Public park in suburban Dublin, Ireland

Tymon Park is a large suburban public park in Dublin, Ireland. It has an area of over 300 acre and is divided in two by the M50 motorway, the two divisions being linked by a pair of pedestrian bridges. One of Dublin's historically important rivers, the River Poddle passes through it, providing water to a number of ponds.

== Location ==
The park is situated between Tallaght, Templeogue and Walkinstown. It straddles the M50 motorway which divides the park in two. A pedestrian footbridge links the eastern and western sides near Greenhills Road, with another further south near Templeogue Road. There are four main entrances which provide access to car parks at Tymon North Road, Greenhills Road, Limekiln Road and Willington Lane. In addition, pedestrians can gain access through a number of smaller gates.

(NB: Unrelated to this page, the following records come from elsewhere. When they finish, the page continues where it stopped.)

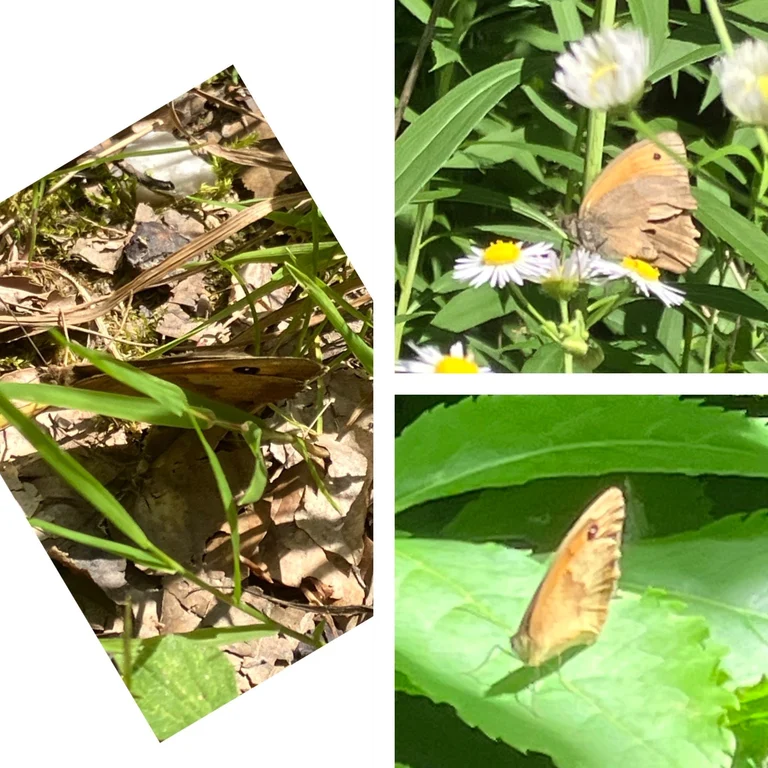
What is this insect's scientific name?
Maniola jurtina
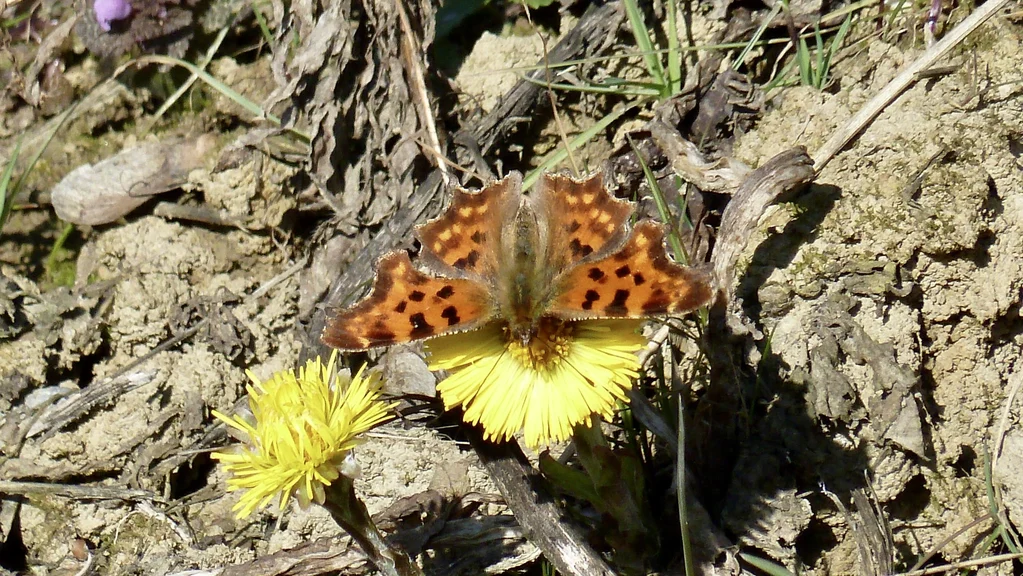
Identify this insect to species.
Polygonia c-album
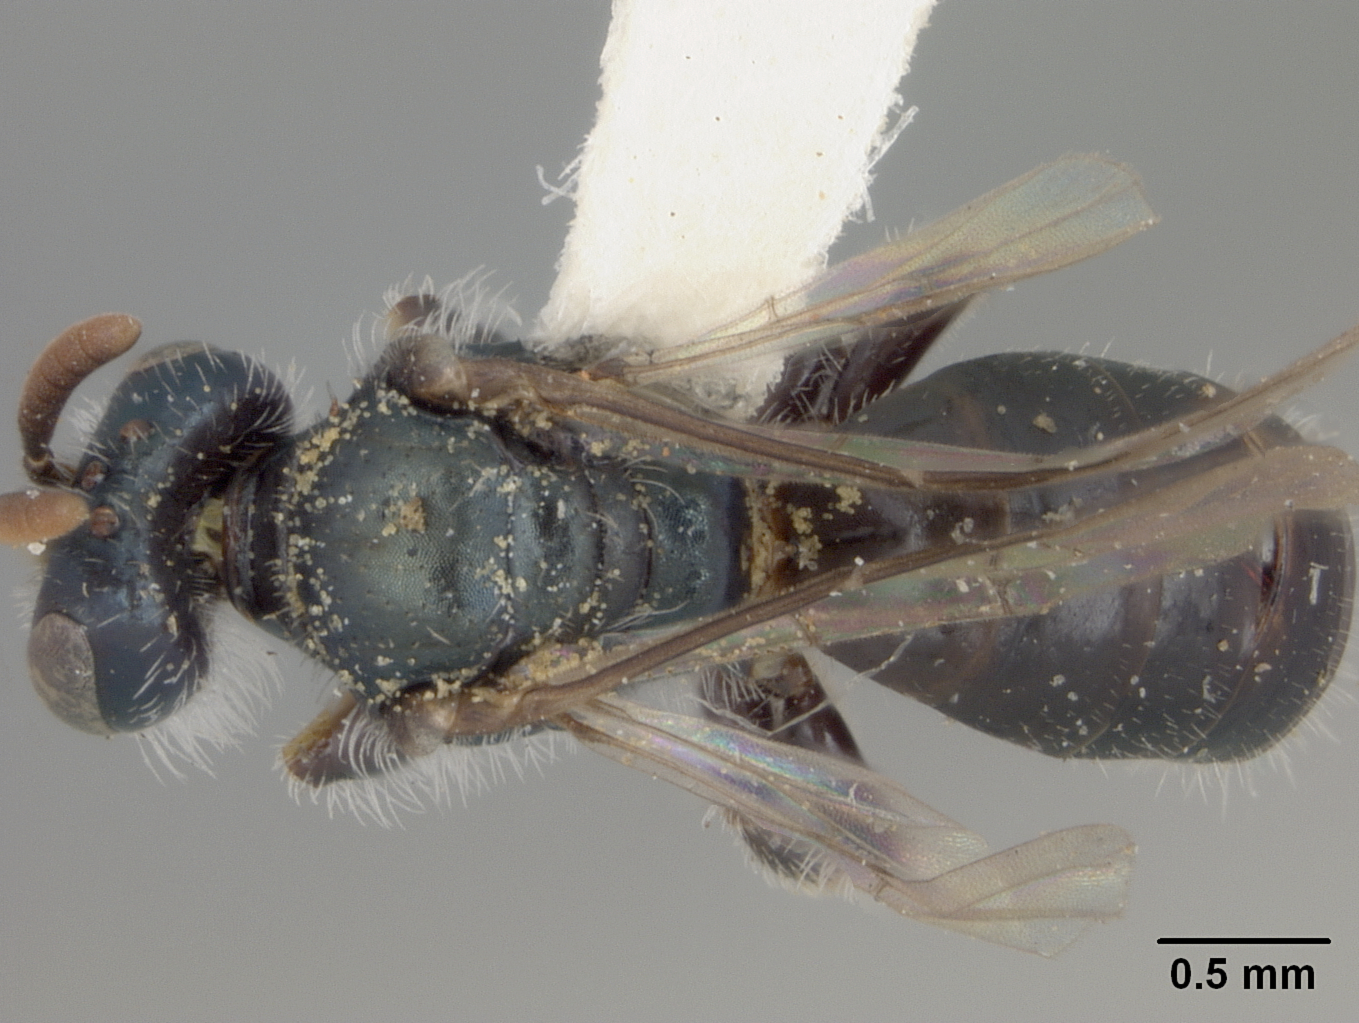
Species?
Perdita krombeini
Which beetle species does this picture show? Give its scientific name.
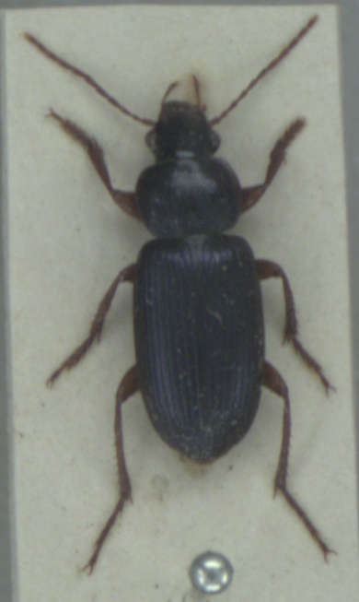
Ophonus ardosiacus

==Amenities and activities==
The River Poddle flows through the park, filling two bigger lakes and several interconnecting smaller ponds or water features. Four stands of mixed deciduous woodland have been established, the predominant tree species being beech, poplar, ash, horse chestnut, willow, maples, sycamore and birch, with alder, hazel, and hawthorn near the edges. The water bodies attract waterfowl, and other habitats include waterside, hedgerow, grassland and wasteland.

There is a children's adventure playground at the western end of the park, close to the Greenhills Road entrance. A new playground has been constructed close to the South Dublin County Council (SDCC) depot beside Castletymon Road. Other playgrounds are located beside the Willington Lane car park and at the Limekiln Road car park.

Tymon Park is commonly used for walking, jogging and field sports. The National Basketball Arena is located in the park, and there are 29 pitches for soccer, gaelic football, hurling, etc. There are also a number of waymarked woodland trails with interpretations of woodland features provided.

A 5 km Parkrun takes place in Tymon Park each Saturday morning. As of 29 March 2020, when the event was suspended due to the COVID-19 pandemic, there had been 298 runs with an average of 133.5 runners per week.